El sábado pasado, la ex guerrillera y economista Dilma Rousseff se convirtió en la primera mujer en gobernar Brasil, el país más poderoso de América Latina.
La nueva presidenta recibe de Luiz Inácio Lula da Silva, su mentor, una sociedad brasileña en un envidiable momento. En sus ocho años de mandato, Lula llevó al coloso suramericano a convertirse en la novena economía del mundo, sacó a más de 20 millones de habitantes de la condición de pobreza, bajó el desempleo a niveles históricos y se consolidó como un protagonista dentro de la comunidad internacional.
El mayor desafío político de Rousseff será encontrar la combinación perfecta para balancear la continuidad de los logros de Lula, razón por la que ganó las elecciones, y la necesidad de imprimir su sello personal. En la selección de su gabinete y en su discurso de posesión, la mandataria ya empezó a construir los vasos comunicantes con el gobierno anterior: 16 de sus ministros trabajaron con Da Silva, su equipo económico refleja el seguimiento de las exitosas políticas lulistas y disipó las dudas iniciales de sectores del empresariado sobre un eventual viraje drástico hacia la izquierda en materia económica.
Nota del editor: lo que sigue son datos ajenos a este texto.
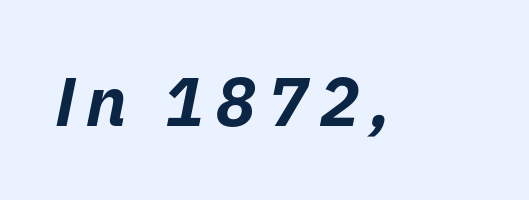
The image shows 69 px bold type, italic (leaning right); set not underlined; low stroke contrast and a medium x-height.
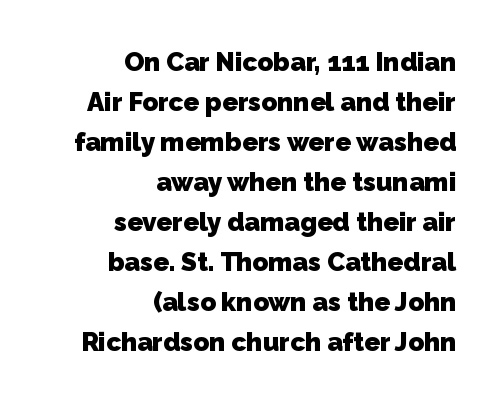
Descenders are the only things crossing below the line. Each line ends at the same right margin while the left side varies. Weight check: bold — yes, fully. The face used here is rendered with its standard letterfit. Vertical spacing — default.
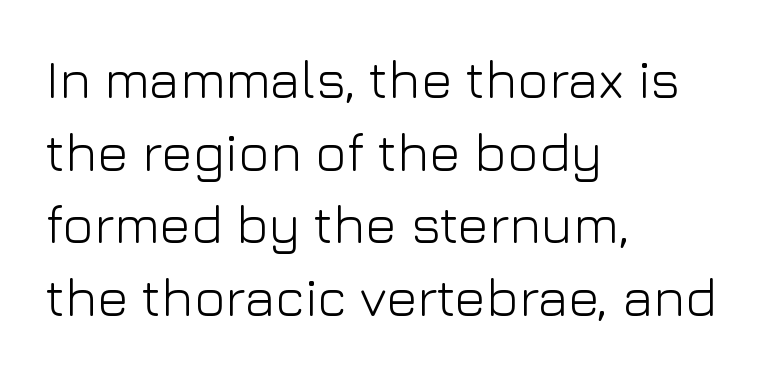
Q: Is the text bold? A: No.
Q: Is the text italic (slanted)? A: No, it is upright.
Q: Is the typeface a serif or a sans-serif typeface? A: Sans-serif.
Q: Is the text underlined? A: No.
Q: How is the paragraph aligned? A: Left-aligned.
Q: Is the spacing between letters normal or unusually wide? A: Normal.
Q: Is the spacing between lines tight, normal or loose? A: Normal.
Q: Width (condensed, normal, or wide)? A: Normal.
Q: Stroke contrast? A: Low.
Q: x-height? A: Medium.
Q: Monospaced? A: No.
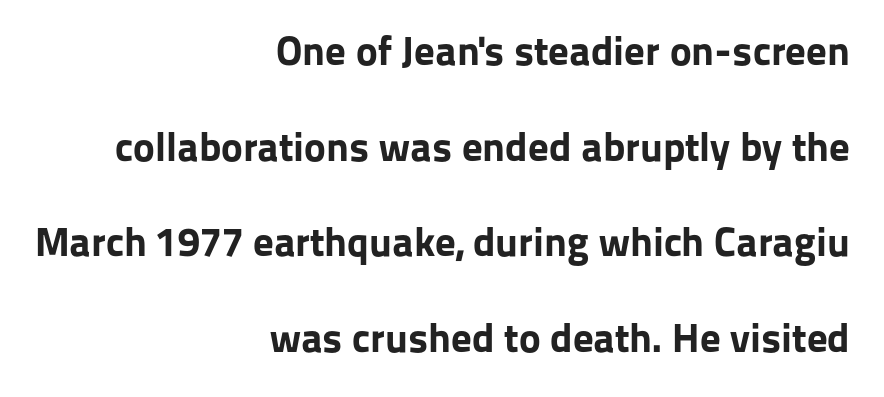
The image shows 41 px bold sans-serif type, upright; set right-aligned, loose line spacing (2.33x), normal letter spacing, not underlined; low stroke contrast and a medium x-height.
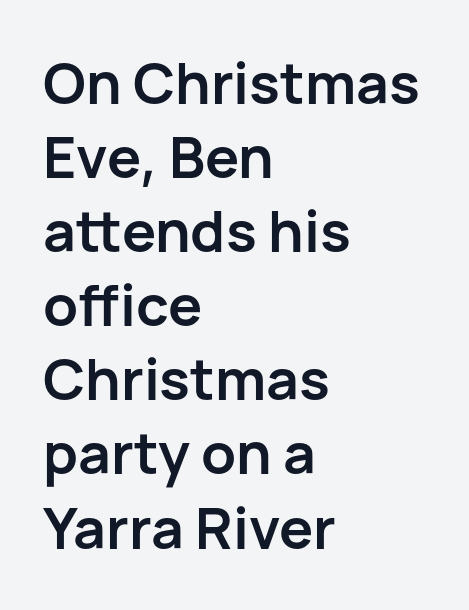
{"serif": "no", "italic": "no", "bold": "yes", "weight": "semibold", "width": "normal", "stroke_contrast": "low", "x_height": "medium", "monospaced": "no", "underline": "no", "align": "left", "line_spacing": "normal", "line_spacing_ratio": 1.3, "letter_spacing": "normal", "letter_spacing_em": 0.0, "glyph_px": 57}
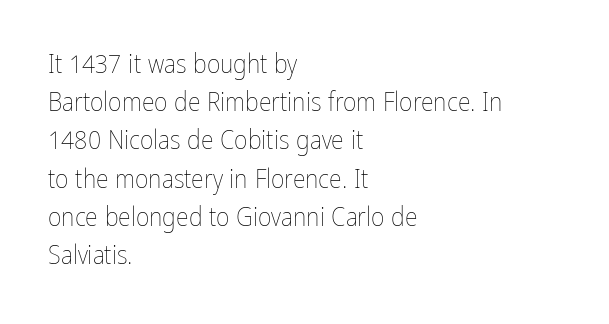
The vertical gap from one line to the next is medium. Quick note: underline off. The characters are drawn with everyday or finer stroke widths. A typesetter would mark this as roman, not italic. Caption: multi-line text, flush left, ragged right.
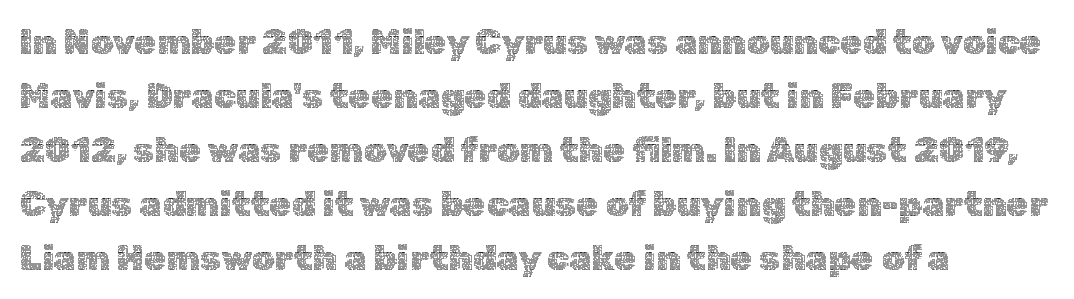
{"italic": "no", "bold": "no", "weight": "thin", "width": "normal", "x_height": "medium", "monospaced": "no", "underline": "no", "line_spacing": "normal", "line_spacing_ratio": 1.5, "letter_spacing": "normal", "letter_spacing_em": 0.0, "glyph_px": 36}
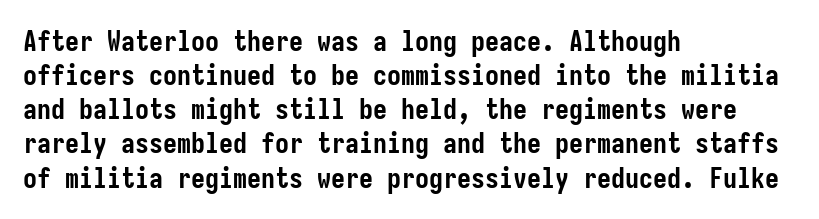
{"serif": "no", "italic": "no", "bold": "yes", "weight": "semibold", "width": "condensed", "stroke_contrast": "low", "x_height": "medium", "underline": "no", "align": "left", "line_spacing_ratio": 1.22, "letter_spacing": "normal", "letter_spacing_em": 0.0, "glyph_px": 28}
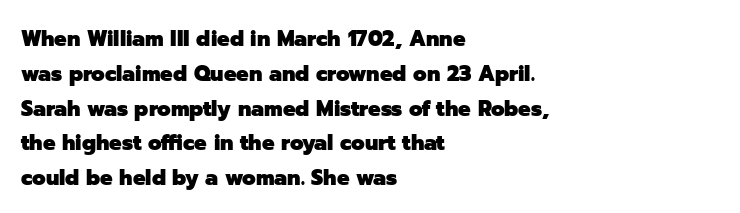
Q: Is the text bold? A: Yes.
Q: Is the text italic (slanted)? A: No, it is upright.
Q: Is the text underlined? A: No.
Q: How is the paragraph aligned? A: Left-aligned.
Q: Is the spacing between letters normal or unusually wide? A: Normal.
Q: Is the spacing between lines tight, normal or loose? A: Normal.
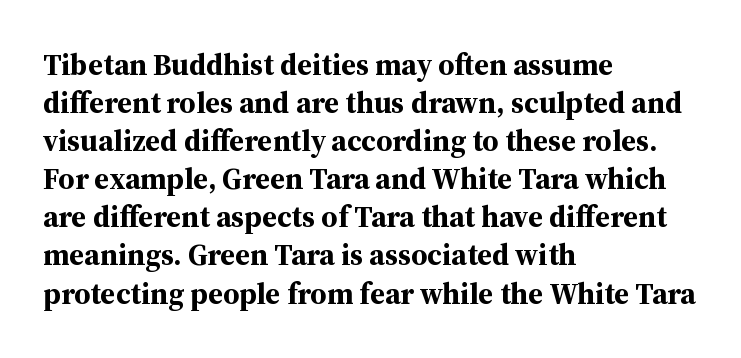
{"serif": "yes", "italic": "no", "bold": "yes", "weight": "bold", "width": "normal", "stroke_contrast": "medium", "x_height": "medium", "monospaced": "no", "underline": "no", "align": "left", "line_spacing": "normal", "line_spacing_ratio": 1.27, "letter_spacing": "normal", "letter_spacing_em": 0.0, "glyph_px": 30}
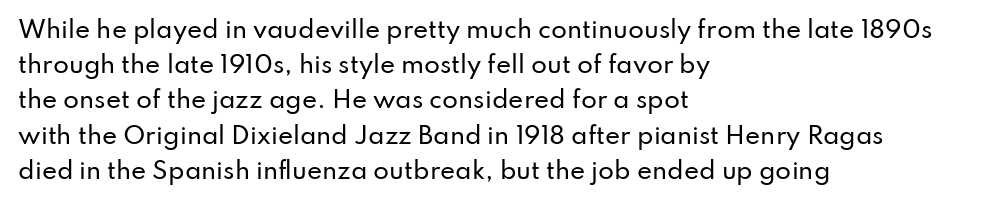
The designer left line spacing at the default. The face used here is rendered with its standard letterfit. The letters stand upright; this is a roman face. The rag falls on the right side of this text block. The words here are not underlined.
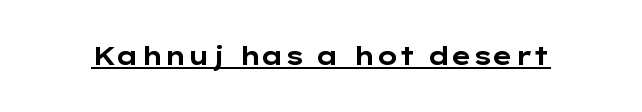
The image shows 25 px bold type, upright; set normal letter spacing, underlined.
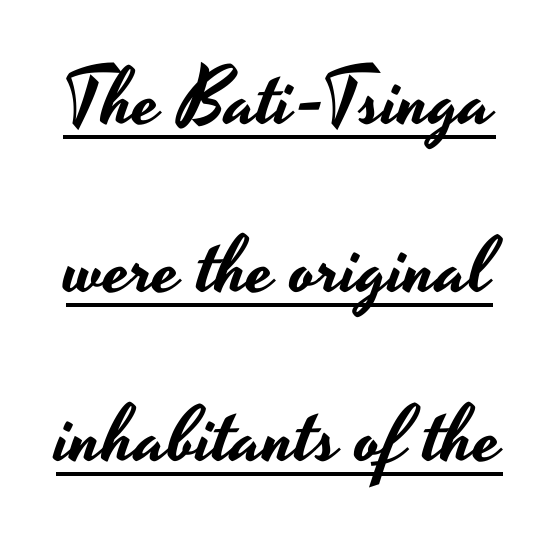
Q: Is the text italic (slanted)? A: Yes.
Q: Is the typeface a serif or a sans-serif typeface? A: Sans-serif.
Q: Is the text underlined? A: Yes.
Q: Is the spacing between letters normal or unusually wide? A: Normal.
Q: Is the spacing between lines tight, normal or loose? A: Loose.
Q: Width (condensed, normal, or wide)? A: Wide.
Q: Stroke contrast? A: Low.
Q: x-height? A: Small.
Q: Monospaced? A: No.
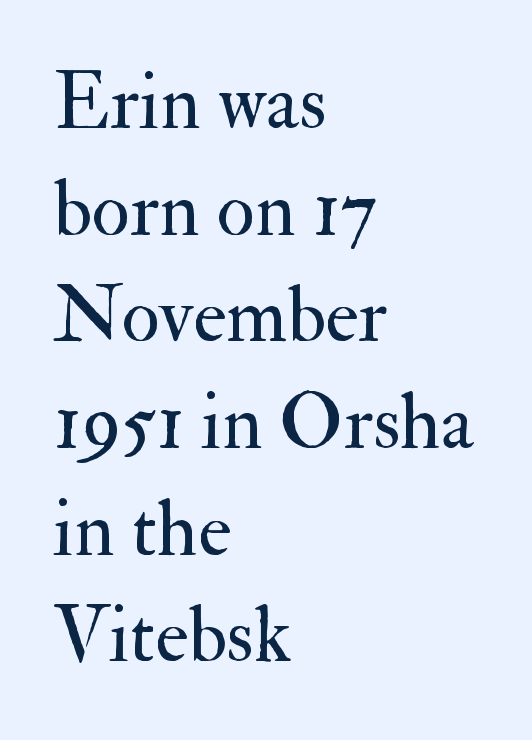
{"serif": "yes", "italic": "no", "bold": "no", "weight": "regular", "width": "normal", "stroke_contrast": "medium", "x_height": "small", "monospaced": "no", "underline": "no", "align": "left", "line_spacing": "normal", "line_spacing_ratio": 1.35, "letter_spacing": "normal", "letter_spacing_em": 0.0, "glyph_px": 79}
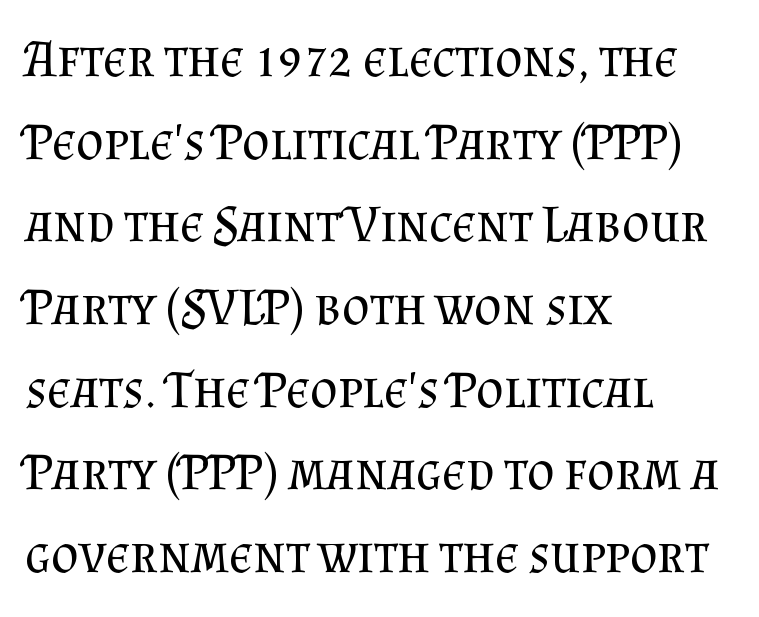
The typography opts for an upright posture over an oblique one. Quick note: interline space is typical. The weight tops out at a normal text grade. The gaps between neighbouring characters are ordinary and unremarkable. Beneath every word, the page is bare. Are there feet on the stems? There are — it's a serif.

La toma de posesión de Rousseff ratificó los dos frentes claves para la administración que comienza: la economía y la política exterior. La presidenta, famosa por su recio carácter y competencia administrativa, identificó la lucha contra la pobreza extrema, que aún golpea a 22 millones de brasileños, como su principal prioridad social. Una de las muestras tangibles del reciente progreso ha sido precisamente el crecimiento de una clase media que Dilma busca consolidar y que será vital para el acelerado tránsito hacia la condición de potencia mundial.